▶ _Data provided_
════
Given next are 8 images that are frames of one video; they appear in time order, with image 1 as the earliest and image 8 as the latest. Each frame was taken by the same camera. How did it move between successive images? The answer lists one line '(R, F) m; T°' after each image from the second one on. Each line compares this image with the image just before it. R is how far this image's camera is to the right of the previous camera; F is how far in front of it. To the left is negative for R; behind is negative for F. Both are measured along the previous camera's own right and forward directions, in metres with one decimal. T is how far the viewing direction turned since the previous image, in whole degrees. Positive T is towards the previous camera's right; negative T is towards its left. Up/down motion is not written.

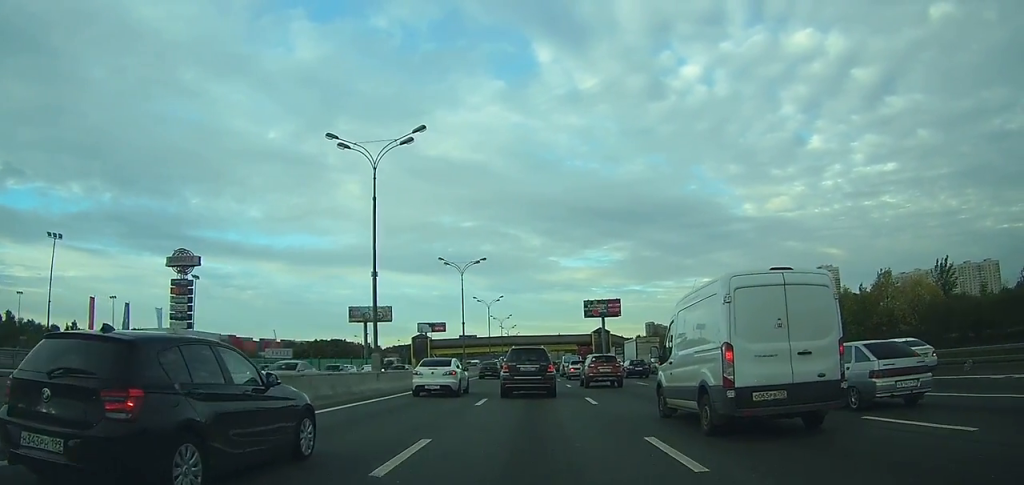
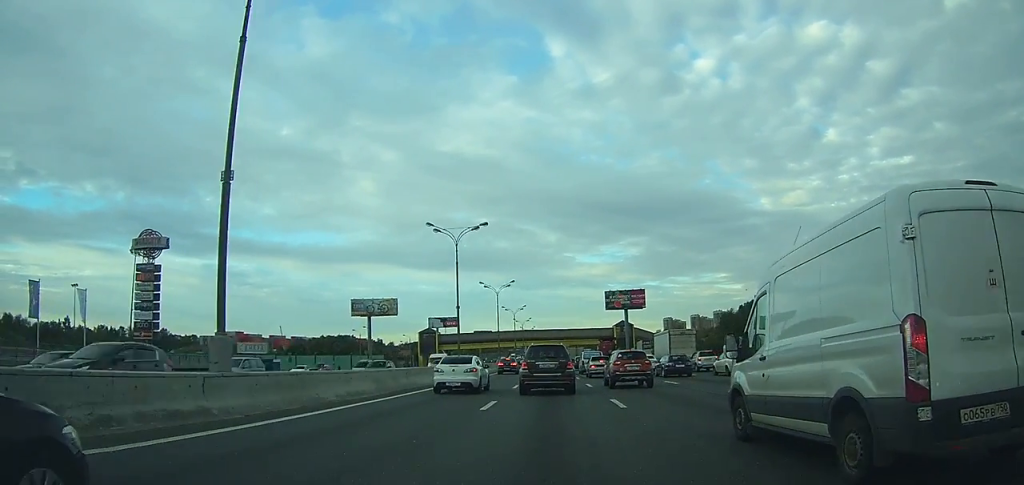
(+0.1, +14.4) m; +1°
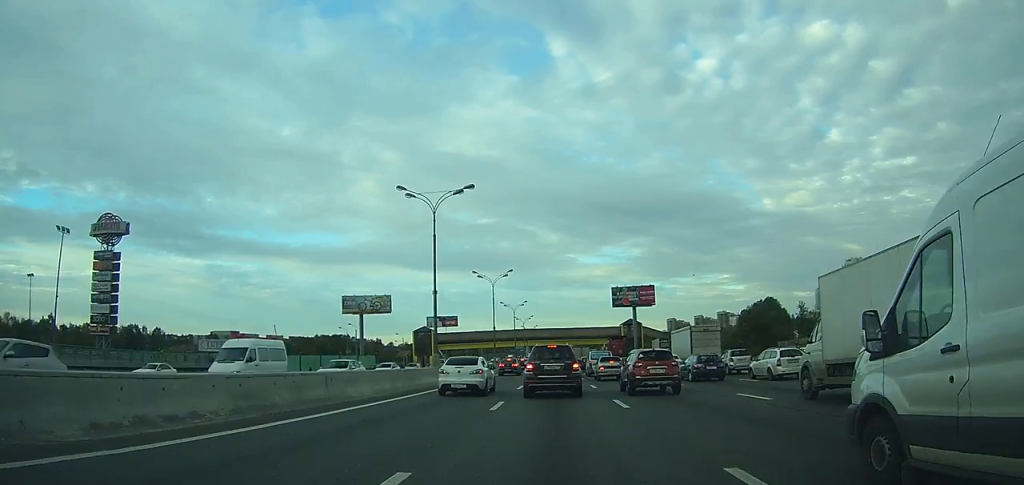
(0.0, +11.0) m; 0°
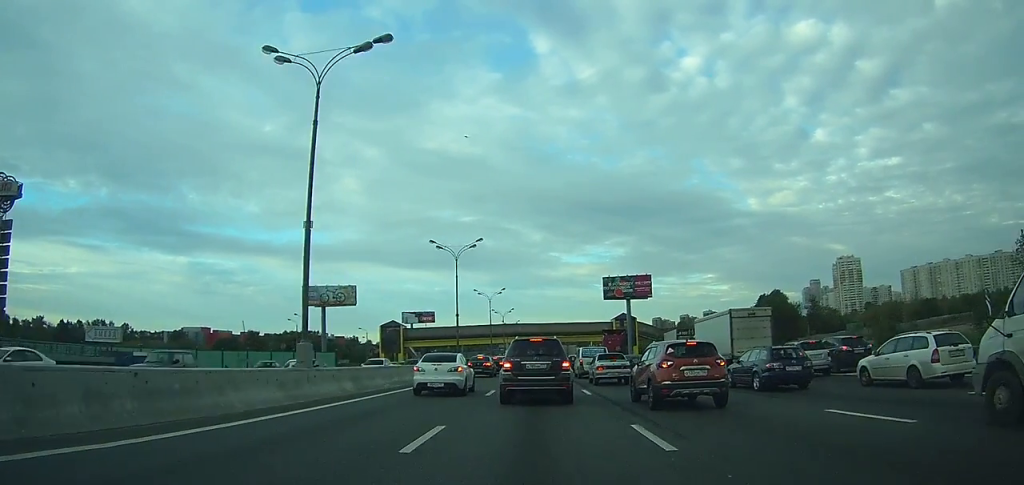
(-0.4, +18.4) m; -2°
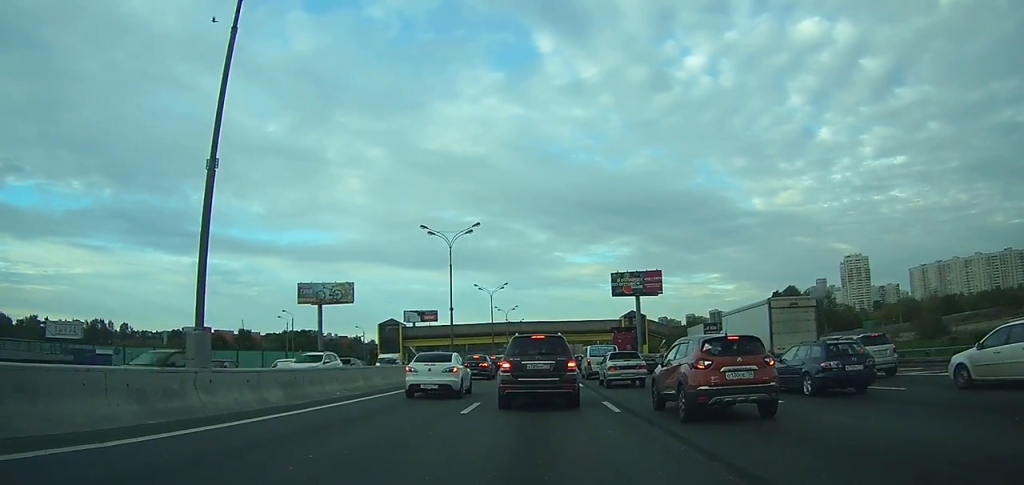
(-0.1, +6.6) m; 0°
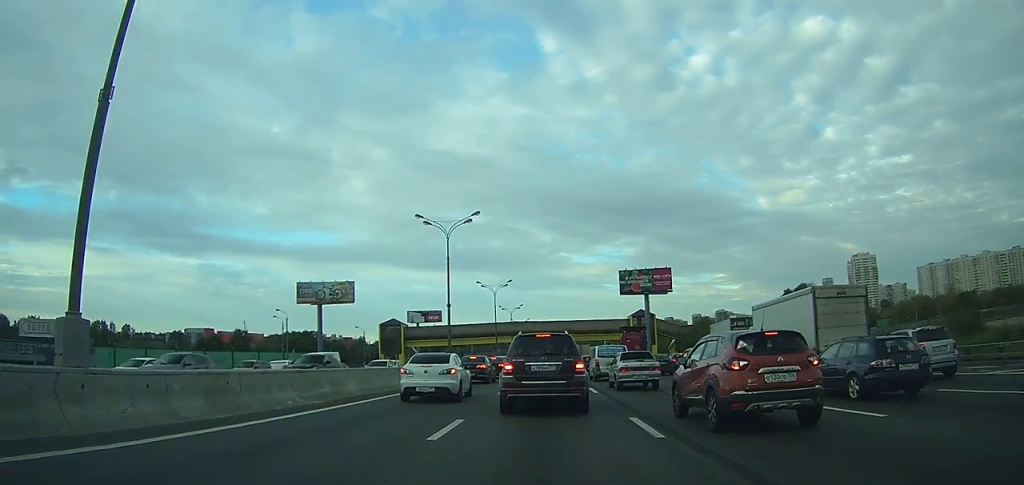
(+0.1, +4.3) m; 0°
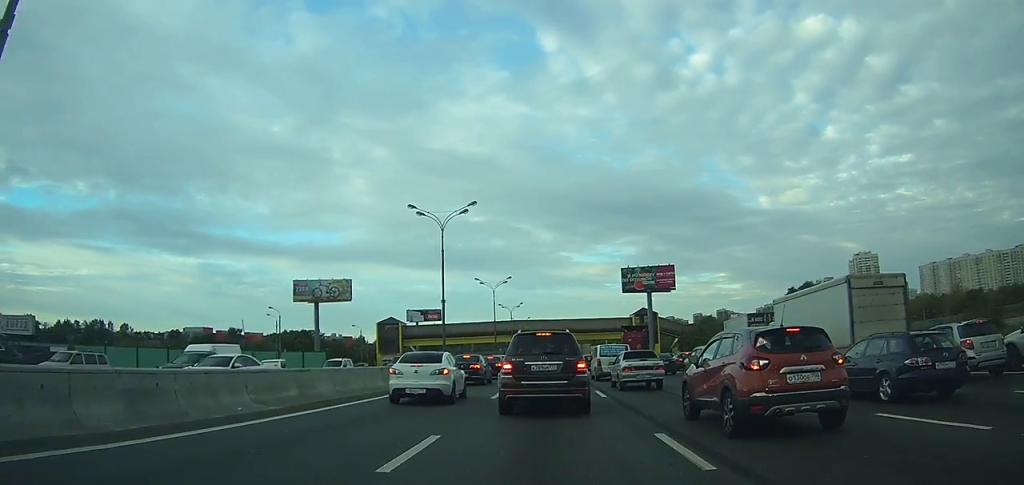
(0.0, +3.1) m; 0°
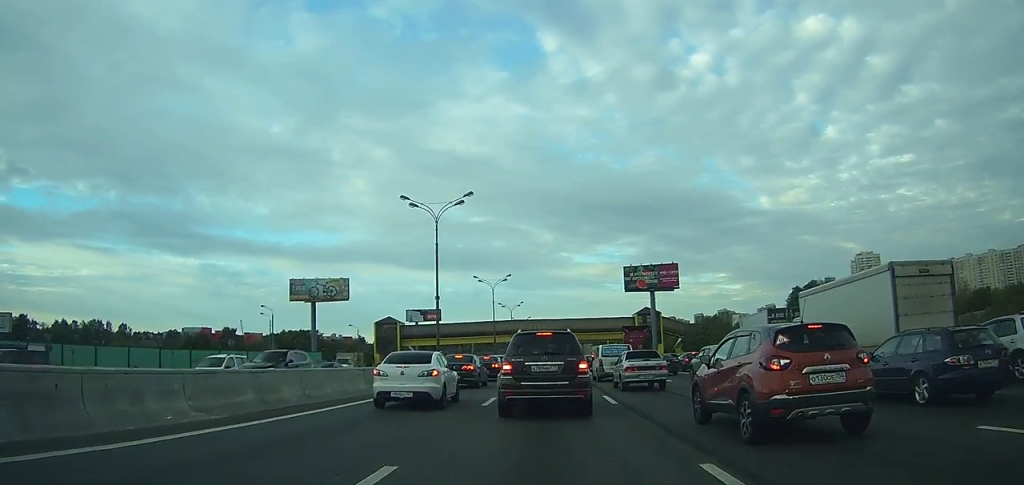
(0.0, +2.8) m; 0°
════
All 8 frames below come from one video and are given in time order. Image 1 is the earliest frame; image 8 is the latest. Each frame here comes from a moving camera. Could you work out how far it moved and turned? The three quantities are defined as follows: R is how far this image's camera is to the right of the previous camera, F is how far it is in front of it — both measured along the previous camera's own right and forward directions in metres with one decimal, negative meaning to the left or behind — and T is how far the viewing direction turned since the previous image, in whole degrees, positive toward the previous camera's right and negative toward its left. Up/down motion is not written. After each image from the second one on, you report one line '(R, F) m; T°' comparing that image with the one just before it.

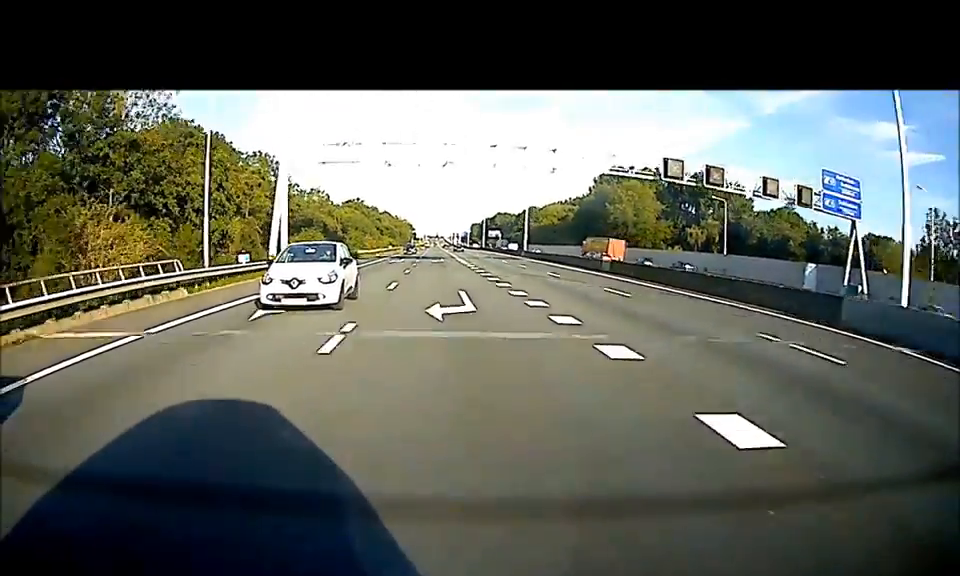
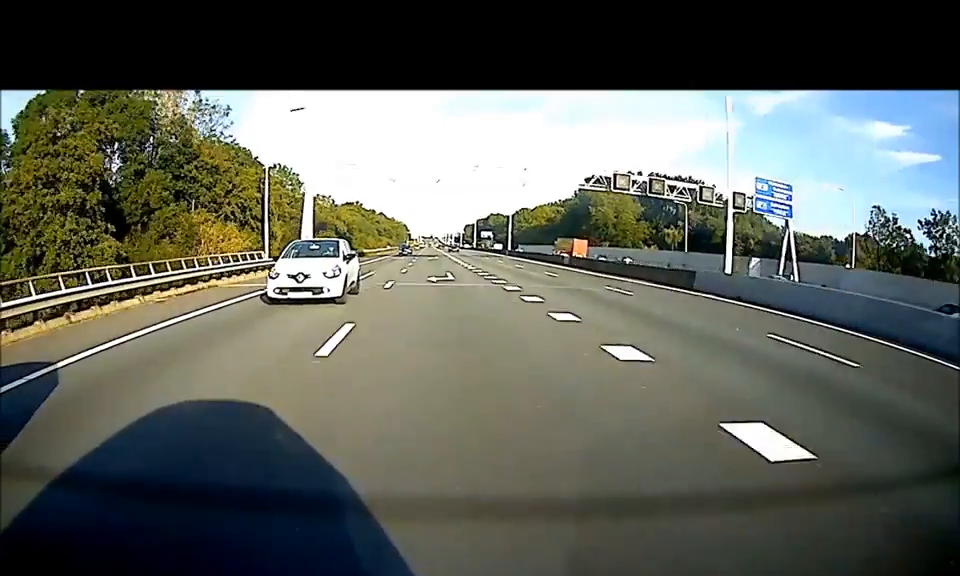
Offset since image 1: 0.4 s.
════
▶ _Task to carry out_
Look above for the line with "All 8 frames" and the line with "Offset since image 1: 0.4 s.", then restate exactly those two lines and all lines between them, with no pictures.

▶ _Solution for this exercise_
All 8 frames below come from one video and are given in time order. Image 1 is the earliest frame; image 8 is the latest. Each frame here comes from a moving camera. Could you work out how far it moved and turned? The three quantities are defined as follows: R is how far this image's camera is to the right of the previous camera, F is how far it is in front of it — both measured along the previous camera's own right and forward directions in metres with one decimal, negative meaning to the left or behind — and T is how far the viewing direction turned since the previous image, in whole degrees, positive toward the previous camera's right and negative toward its left. Up/down motion is not written. After each image from the second one on, you report one line '(R, F) m; T°' comparing that image with the one just before it.

Offset since image 1: 0.4 s.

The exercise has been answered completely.